CogitAsia Podcast: Abe’s U.S. Visit & Security in Asia

This week we look ahead to Japanese prime minister Shinzo Abe’s visit to the United States. Longtime U.S.-Japan hands CSIS Japan Chair Dr. Michael Green and CSIS Simon Chair Matthew Goodman join the podcast to describe the state of the U.S.-Japan alliance and preview the agenda for the summit. Then we turn to the future of U.S. defense collaboration and security in Asia. CSIS Japan Chair Fellow Zack Cooper caught up with CSIS Kissinger Chair Dr. Kathleen Hicks and Dr. Michael Green to discuss their work on federated defense in Asia and countering coercion.


We also review the region’s news, profile Wang Qishan, and share our One to Watch. Hosted by Colm Quinn. Audio edited by Samuel Ellis. Produced by Jeffrey Bean.

To learn more on Federated Defense in Asia, read the post Dr. Hicks and Dr. Green wrote here.

Zack Cooper

Zack Cooper

Dr. Zack Cooper was Senior Fellow for Asian Security at CSIS.


1 comment for “CogitAsia Podcast: Abe’s U.S. Visit & Security in Asia

  1. Liars N. Fools
    April 26, 2015 at 09:12

    We should look at Abe Shinzo’s trip to America in terms of whether he can achieve a “blue line” of accomplishments in partnership with America without falling below a “red line” of historical revisionism that will upset not only the Koreans, America’s allies, and Chinese but also many Americans, too.

    First the blue line. Many powerful American interest groups want the TPP with Japan in it because it theoretically can pry open a market that is among the most advanced but which also has an incredible amount of protected sectors — agriculture and rice especially — and non-tariff barriers. Many defense and security interests want to end the Japanese “free ride” in which the Japanese are prepared to throw money at conflict areas but not military personnel and other assets despite having one of the strongest navies in the world and a highly capable Air Force (forget this Self-Defense Force terminology). This “free ride” would be replaced by an arrangement by which Japan continues to throw money but also puts boots on the ground and on decks and butts in cockpits. Most immediately this is justified as being aimed at North a Korea but increasingly explicitly this is aimed at China.

    And America and Japan do want to acknowledge together that since the end of a World War II 70 years ago, Japan has had the most remarkable record in the world of developing a liberal democracy that has conscientiously pursued peace and prosperity and which has shared a considerable amount of its success with developing nations, including China and Korea incidentally.

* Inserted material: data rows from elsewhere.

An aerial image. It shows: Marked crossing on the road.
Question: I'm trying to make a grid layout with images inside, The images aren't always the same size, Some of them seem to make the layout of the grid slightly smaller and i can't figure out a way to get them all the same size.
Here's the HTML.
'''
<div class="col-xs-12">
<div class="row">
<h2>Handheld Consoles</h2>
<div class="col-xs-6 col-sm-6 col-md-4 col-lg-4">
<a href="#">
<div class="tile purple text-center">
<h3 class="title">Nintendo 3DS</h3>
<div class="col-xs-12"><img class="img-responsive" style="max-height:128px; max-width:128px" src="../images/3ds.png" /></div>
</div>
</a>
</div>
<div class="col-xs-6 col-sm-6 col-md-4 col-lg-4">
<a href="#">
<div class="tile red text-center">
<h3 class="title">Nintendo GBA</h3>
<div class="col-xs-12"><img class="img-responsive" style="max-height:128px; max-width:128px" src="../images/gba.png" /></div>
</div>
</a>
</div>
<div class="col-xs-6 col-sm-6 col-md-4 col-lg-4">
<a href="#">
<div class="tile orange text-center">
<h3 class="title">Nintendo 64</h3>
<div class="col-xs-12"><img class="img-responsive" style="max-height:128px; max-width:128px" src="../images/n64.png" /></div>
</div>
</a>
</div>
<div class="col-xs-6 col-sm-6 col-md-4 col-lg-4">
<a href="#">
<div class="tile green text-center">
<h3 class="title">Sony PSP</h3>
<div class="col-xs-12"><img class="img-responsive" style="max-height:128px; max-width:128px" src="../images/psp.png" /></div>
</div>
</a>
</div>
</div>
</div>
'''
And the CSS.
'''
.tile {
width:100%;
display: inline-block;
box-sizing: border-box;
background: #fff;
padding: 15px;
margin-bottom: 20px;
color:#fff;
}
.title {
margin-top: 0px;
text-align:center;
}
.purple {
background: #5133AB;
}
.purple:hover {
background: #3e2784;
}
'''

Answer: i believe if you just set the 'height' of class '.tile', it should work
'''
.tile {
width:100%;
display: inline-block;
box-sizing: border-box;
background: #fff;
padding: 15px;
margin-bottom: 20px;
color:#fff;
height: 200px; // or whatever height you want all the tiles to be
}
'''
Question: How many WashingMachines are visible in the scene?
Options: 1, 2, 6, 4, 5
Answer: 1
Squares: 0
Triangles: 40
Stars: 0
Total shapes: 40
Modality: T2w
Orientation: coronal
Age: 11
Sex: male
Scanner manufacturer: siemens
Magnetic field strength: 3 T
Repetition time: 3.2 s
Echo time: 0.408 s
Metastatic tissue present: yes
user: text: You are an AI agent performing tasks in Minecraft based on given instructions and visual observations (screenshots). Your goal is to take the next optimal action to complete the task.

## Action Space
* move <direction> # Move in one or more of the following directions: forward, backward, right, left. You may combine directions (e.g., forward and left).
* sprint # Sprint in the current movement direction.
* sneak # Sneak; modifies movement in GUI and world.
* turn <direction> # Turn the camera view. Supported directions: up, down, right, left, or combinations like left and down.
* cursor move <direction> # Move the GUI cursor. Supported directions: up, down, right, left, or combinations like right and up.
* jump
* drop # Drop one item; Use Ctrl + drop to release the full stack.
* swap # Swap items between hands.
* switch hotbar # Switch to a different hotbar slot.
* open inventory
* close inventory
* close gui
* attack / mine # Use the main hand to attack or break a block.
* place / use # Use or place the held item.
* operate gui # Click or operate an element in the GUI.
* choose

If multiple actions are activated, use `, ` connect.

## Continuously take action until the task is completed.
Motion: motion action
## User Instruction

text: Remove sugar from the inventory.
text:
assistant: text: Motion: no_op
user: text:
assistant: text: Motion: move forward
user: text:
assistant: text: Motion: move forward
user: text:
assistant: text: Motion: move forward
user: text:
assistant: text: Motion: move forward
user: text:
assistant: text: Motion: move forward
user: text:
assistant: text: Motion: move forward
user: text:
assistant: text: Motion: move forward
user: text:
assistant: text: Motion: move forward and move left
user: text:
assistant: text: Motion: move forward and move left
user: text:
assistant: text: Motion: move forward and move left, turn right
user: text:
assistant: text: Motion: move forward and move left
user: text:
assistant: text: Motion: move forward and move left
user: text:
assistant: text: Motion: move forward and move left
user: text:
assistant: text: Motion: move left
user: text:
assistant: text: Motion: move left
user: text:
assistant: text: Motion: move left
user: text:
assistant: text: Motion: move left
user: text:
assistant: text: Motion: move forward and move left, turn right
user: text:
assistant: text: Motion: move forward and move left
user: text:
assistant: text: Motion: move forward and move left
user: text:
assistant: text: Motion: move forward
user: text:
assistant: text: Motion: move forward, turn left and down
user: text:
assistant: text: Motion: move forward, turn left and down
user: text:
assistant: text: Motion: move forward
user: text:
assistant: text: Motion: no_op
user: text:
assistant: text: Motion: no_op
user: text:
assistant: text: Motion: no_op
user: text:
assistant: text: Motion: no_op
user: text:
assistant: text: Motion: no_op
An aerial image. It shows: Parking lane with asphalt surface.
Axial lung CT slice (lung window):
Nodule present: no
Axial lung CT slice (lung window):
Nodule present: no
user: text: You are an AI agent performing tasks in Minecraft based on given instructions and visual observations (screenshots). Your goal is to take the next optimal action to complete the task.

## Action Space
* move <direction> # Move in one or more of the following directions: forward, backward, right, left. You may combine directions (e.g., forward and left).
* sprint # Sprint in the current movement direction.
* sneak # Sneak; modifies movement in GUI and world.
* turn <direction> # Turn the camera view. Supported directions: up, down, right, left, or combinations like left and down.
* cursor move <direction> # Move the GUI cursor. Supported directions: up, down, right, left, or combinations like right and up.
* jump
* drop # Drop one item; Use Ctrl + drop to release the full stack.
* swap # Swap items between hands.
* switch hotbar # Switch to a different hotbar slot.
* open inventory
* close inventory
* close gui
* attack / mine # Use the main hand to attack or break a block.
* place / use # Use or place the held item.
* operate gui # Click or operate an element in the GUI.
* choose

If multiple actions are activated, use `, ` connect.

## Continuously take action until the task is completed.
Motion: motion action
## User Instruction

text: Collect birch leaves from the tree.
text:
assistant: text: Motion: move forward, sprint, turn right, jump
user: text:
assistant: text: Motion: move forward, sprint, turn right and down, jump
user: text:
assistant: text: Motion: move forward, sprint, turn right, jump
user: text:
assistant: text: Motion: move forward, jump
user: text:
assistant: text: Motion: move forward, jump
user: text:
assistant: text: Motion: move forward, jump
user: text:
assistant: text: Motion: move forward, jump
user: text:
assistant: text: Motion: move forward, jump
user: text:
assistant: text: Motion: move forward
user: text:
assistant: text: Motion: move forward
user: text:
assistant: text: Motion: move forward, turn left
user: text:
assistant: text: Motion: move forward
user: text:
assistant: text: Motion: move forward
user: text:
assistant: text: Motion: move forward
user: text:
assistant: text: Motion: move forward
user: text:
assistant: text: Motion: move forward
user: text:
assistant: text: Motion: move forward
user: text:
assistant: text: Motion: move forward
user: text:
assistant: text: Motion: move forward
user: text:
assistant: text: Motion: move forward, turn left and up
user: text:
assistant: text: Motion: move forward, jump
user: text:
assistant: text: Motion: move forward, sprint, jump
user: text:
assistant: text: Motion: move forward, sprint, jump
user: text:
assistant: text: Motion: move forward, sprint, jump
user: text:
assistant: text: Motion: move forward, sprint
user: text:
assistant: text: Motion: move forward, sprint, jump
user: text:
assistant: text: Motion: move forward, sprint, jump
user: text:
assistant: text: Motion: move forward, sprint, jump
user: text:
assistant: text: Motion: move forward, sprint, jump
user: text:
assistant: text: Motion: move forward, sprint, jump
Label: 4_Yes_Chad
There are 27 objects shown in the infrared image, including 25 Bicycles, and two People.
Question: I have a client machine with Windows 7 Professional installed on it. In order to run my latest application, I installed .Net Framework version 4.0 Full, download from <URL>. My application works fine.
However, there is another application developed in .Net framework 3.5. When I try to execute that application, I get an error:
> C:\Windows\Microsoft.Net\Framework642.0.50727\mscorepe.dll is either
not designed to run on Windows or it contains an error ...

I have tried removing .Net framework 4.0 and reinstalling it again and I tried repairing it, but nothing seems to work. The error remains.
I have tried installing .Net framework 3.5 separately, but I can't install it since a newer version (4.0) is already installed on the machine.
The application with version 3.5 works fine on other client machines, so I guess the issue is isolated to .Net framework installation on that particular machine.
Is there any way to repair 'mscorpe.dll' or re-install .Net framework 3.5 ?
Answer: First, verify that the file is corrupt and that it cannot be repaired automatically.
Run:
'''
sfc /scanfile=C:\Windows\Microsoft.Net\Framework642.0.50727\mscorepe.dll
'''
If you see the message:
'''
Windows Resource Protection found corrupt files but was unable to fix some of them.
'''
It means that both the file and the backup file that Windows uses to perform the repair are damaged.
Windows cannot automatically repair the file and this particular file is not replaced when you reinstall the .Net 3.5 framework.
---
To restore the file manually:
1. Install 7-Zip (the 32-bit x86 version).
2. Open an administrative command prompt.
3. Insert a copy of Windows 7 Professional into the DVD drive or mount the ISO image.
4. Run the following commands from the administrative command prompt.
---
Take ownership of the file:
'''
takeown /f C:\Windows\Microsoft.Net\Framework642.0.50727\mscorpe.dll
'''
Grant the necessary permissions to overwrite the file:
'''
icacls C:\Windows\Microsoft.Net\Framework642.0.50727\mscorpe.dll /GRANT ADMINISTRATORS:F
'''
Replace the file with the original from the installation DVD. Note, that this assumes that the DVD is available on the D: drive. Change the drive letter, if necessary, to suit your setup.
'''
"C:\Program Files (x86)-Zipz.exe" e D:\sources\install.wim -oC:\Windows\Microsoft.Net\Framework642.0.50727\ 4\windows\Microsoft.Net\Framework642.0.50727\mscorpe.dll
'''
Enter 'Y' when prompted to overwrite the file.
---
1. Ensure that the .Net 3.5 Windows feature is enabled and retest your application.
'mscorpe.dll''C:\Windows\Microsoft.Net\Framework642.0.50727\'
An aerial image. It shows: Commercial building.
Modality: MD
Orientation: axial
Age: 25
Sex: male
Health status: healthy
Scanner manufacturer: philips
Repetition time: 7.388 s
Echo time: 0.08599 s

    Now for the red line. Abe Shinzo is too shrewd to offend America. The notion that he will perform as he did in Indonesia as well as in an earlier trip to Canberra is highly likely. He will invoke a memory that touches on Japanese actions in World War II, carefully evading words like aggression and invasion, and he will speak of his personal heart felt anguish and remorse and a vow that Japan will do all in its power to prevent such wide spread suffering ever again. Because the Congress has passed a resolution calling on Japan to refrain from historical revisionism on war time sexual slavery, Abe will likely use the words “human trafficking” to denounce violence against women that occurred during the 20th century — without specifically mentioning Japan’s major rounder the notion that “everybody was raping women” — and to call on international efforts to prevent such atrocities in these times. The Chinese and Koreans — and many American experts — will recognize such language as the weasel words that they are and denounce Abe’s tricky legerdemain. But most Americans who care about the subject will likely give Abe a passing mark, with some even praising Abe for his heart-felt remorse and expressing wonderment as to why Chinese and Koreans despise this visage of banality.